During development and in response to various cues in the cellular microenvironment, VSMCs undergo substantial changes in differentiation, gene expression, and phenotype.¹⁹ To measure contractility of LRP1-deficient and control VSMCs under isometric conditions, Au et al.¹⁴ performed aortic ring contraction assays using segments of descending thoracic aorta. Responses to a number of agonists were either attenuated or completely absent; however, calyculin A triggered increased responses in aortic rings from mice with LRP1-deficient VSMCs, arguing against a generalized loss of contractile machinery as the responsible mechanism. To explore this finding, the investigators undertook a discovery approach, using proteomics to identify over 200 proteins that are regulated when LRP1 is deficient in VSMCs. Many of the identified proteins express activities related to VSMC contractility and the function of the cytoskeleton. α₂δ−1, a chaperone for voltage-gated Ca²⁺ channels, bound directly to LRP1, suggesting a novel mechanism by which LRP1 may regulate these channels. LRP1 deficiency in VSMCs also resulted in abnormal function of Ryanodine Receptors, which are instrumental in controlling calcium release from the sarcoplasmic reticulum.
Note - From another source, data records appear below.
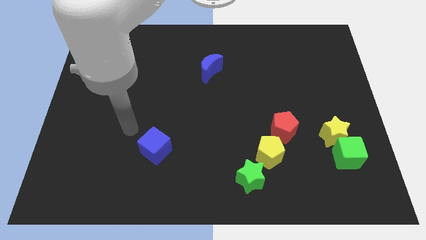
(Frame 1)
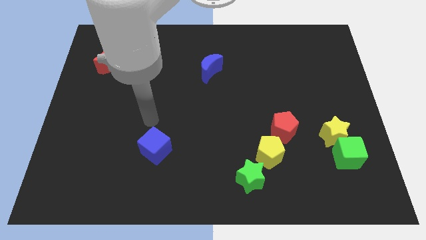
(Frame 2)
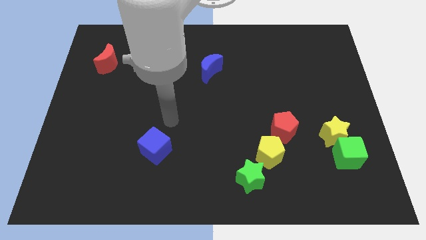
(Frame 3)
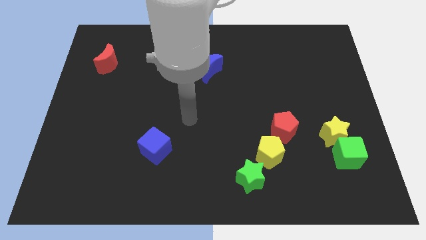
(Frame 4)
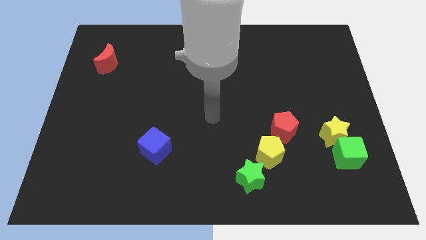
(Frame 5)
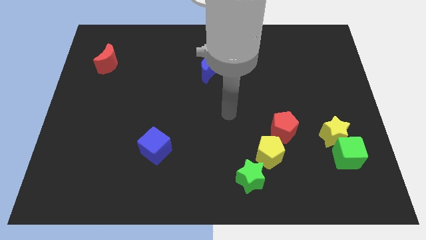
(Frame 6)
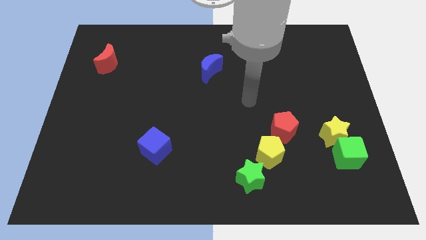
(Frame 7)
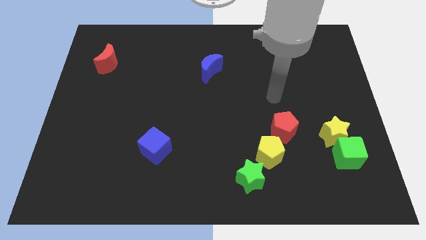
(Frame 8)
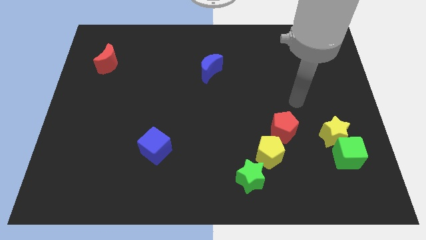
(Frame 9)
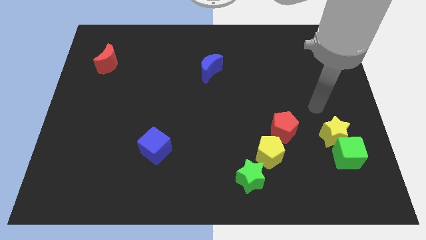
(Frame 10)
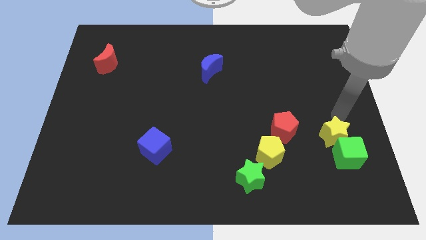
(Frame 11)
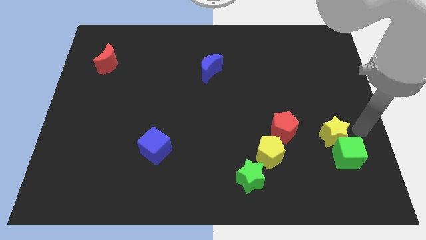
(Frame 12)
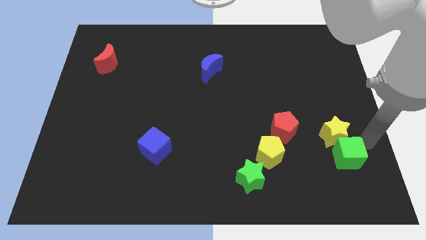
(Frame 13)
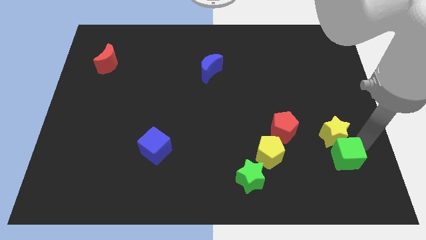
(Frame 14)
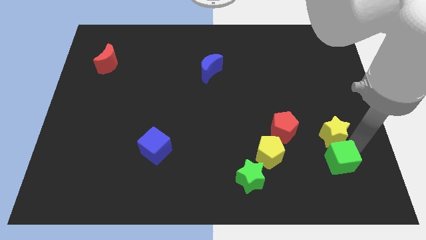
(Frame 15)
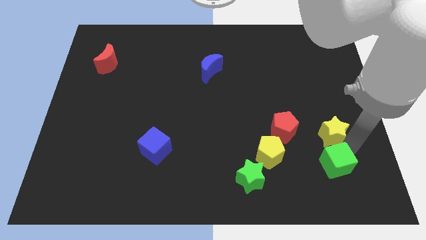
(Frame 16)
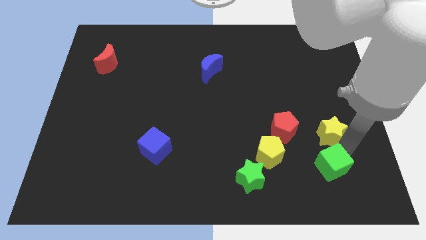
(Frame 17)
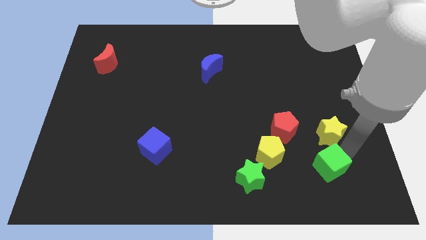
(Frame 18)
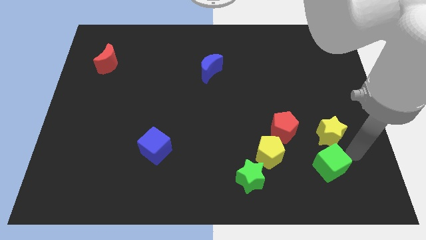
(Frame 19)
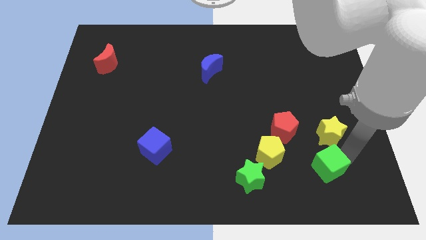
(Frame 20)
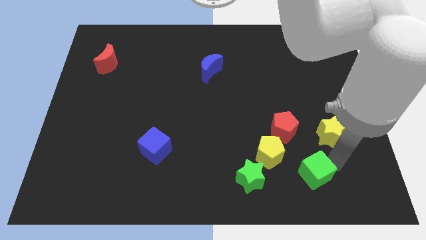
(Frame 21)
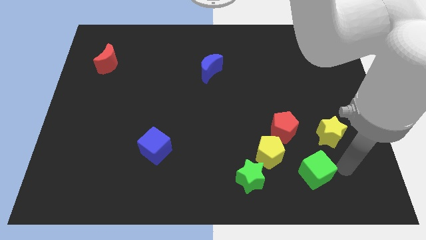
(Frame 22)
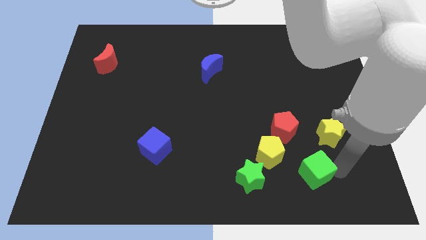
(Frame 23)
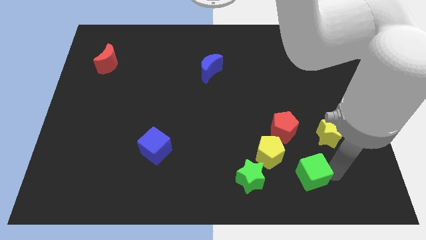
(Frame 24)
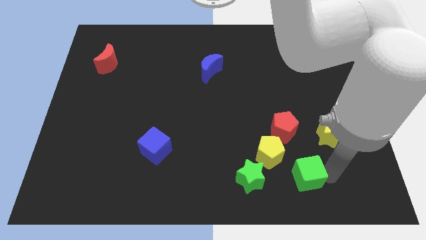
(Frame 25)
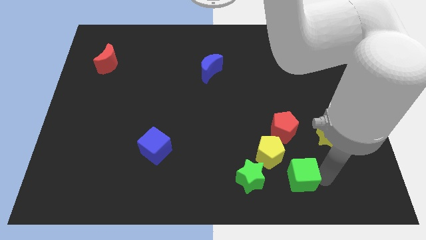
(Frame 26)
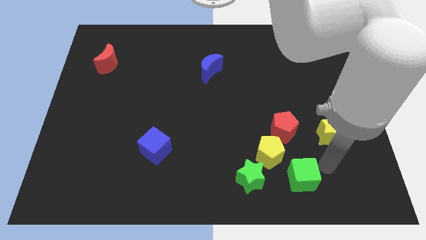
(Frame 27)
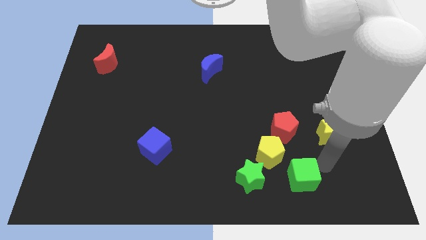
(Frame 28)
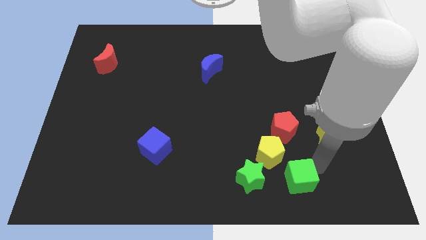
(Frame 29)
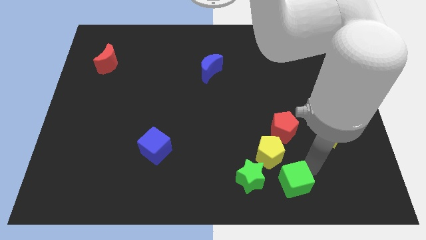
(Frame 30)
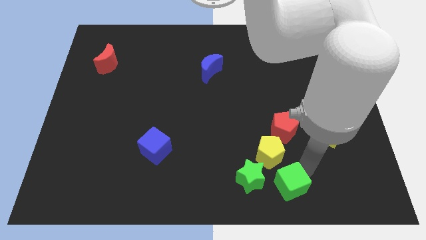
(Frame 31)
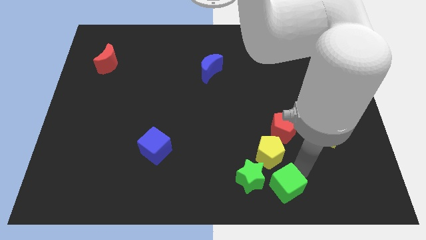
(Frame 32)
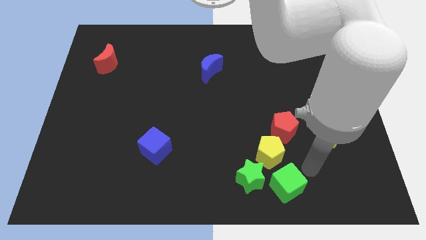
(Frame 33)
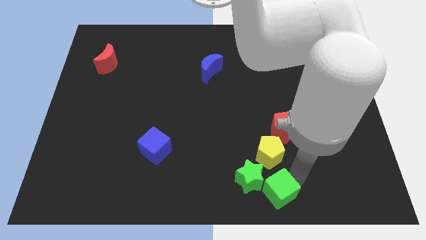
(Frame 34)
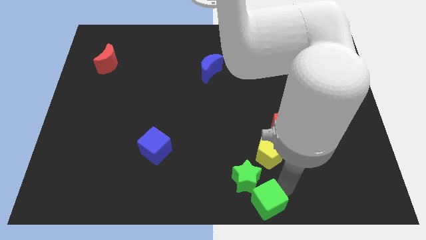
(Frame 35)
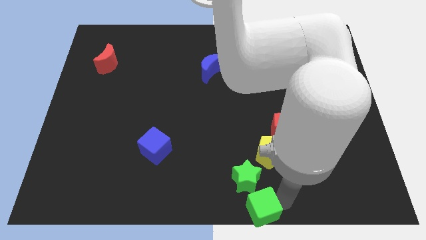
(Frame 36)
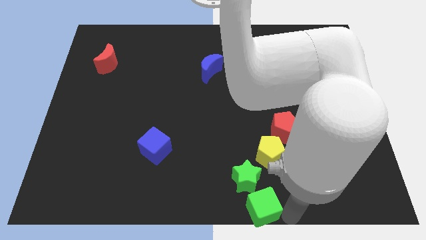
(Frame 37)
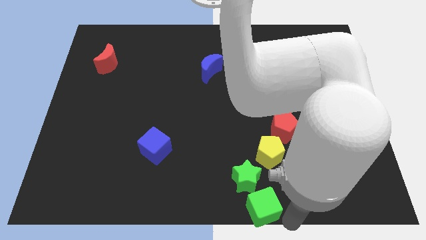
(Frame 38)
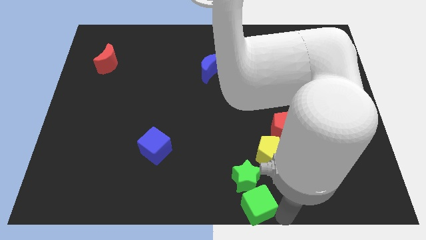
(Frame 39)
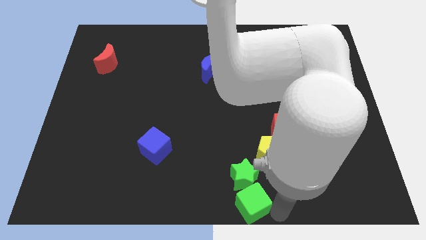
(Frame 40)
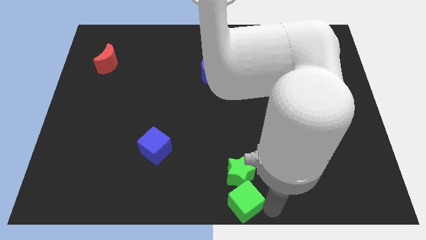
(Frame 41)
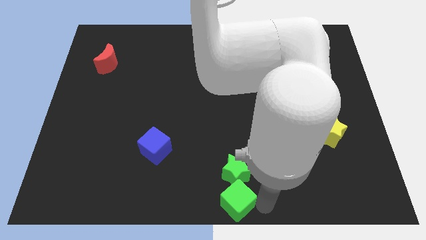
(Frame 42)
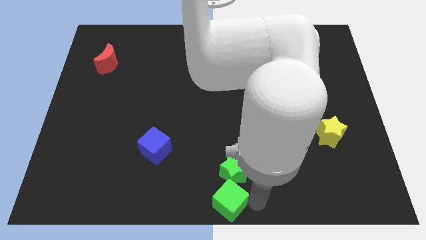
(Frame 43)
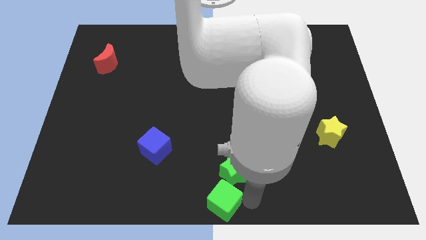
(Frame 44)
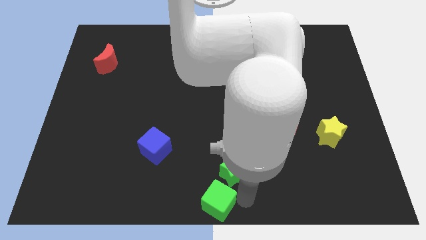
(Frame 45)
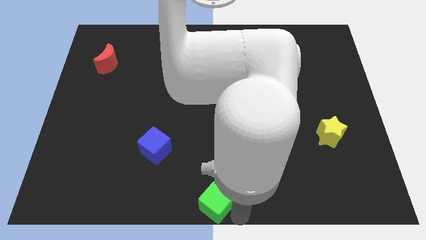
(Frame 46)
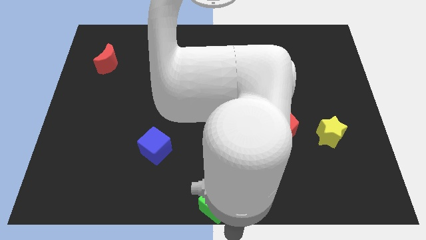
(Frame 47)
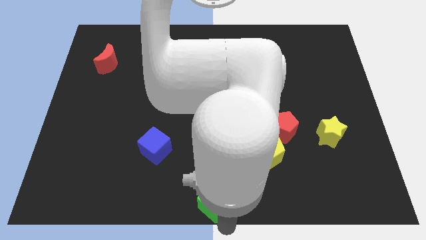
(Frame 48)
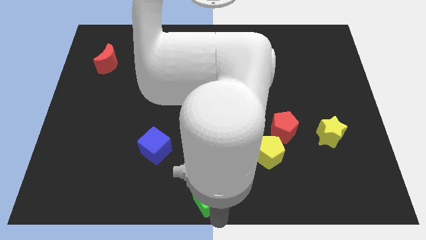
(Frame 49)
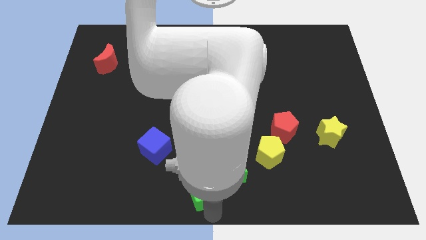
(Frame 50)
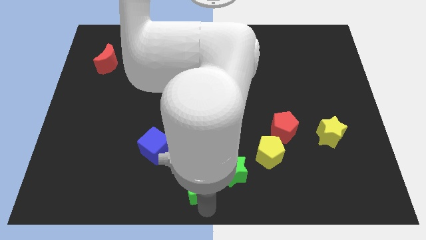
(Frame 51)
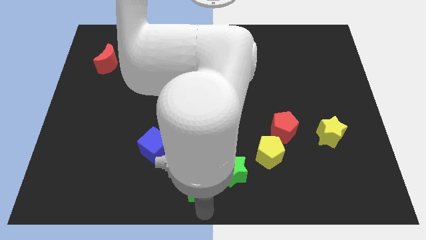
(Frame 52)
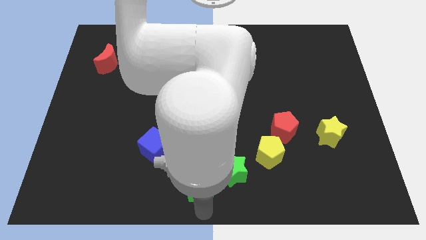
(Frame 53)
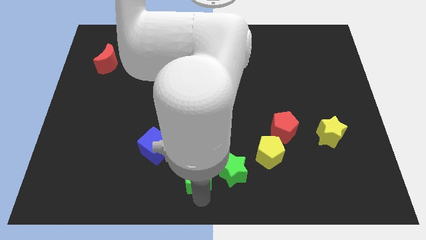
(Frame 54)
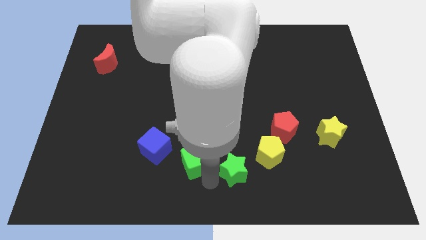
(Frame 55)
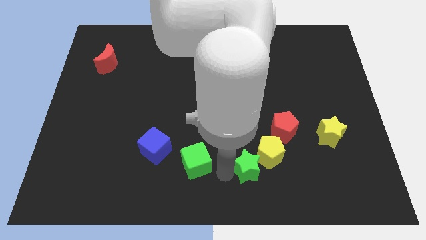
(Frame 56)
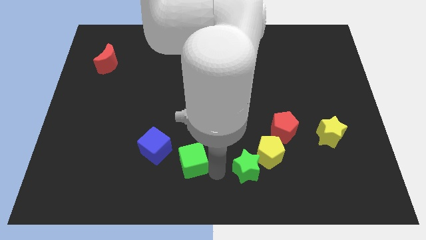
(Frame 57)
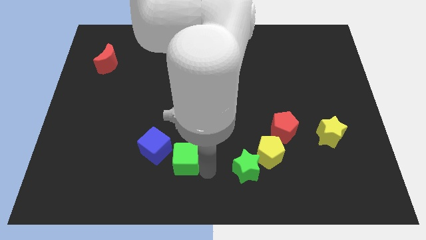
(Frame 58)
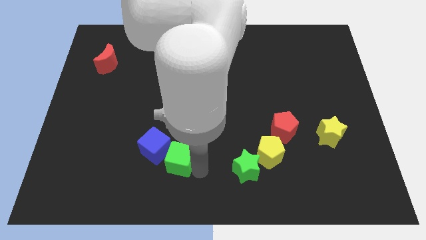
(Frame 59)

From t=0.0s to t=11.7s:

A strength of this paper is the utilization of two distinct mouse model systems for deleting LRP1 in VSMCs. In the first model system, Cre recombinase is active during development whereas in the second, Cre recombinase is expressed as a fusion protein, which may be activated in adult mice treated with Tamoxifen. The combination of systems allowed the investigators to probe for genetic compensation following LRP1 deletion, which is particularly important given that there are receptors in the LDL Receptor gene family with overlapping activities.⁵ A second strength of this paper is replication of key results using aortic rings and primary cultures of VSMCs.

Looking forward, the study by Au et al,¹⁴ defining changes in VSMCs using LRP1 “loss of function” model systems, sets the stage for future work examining how various LRP1 ligands may regulate VSMC physiology. Is there specificity in the response of VSMCs to different LRP1 ligands, as has been defined in cells such as PC12 cells?⁸ How are the results of Au et al.¹⁴ relevant to the role of VSMCs in atherogenesis? Finally, and perhaps most importantly, is LRP1 a therapeutic target for vascular disease?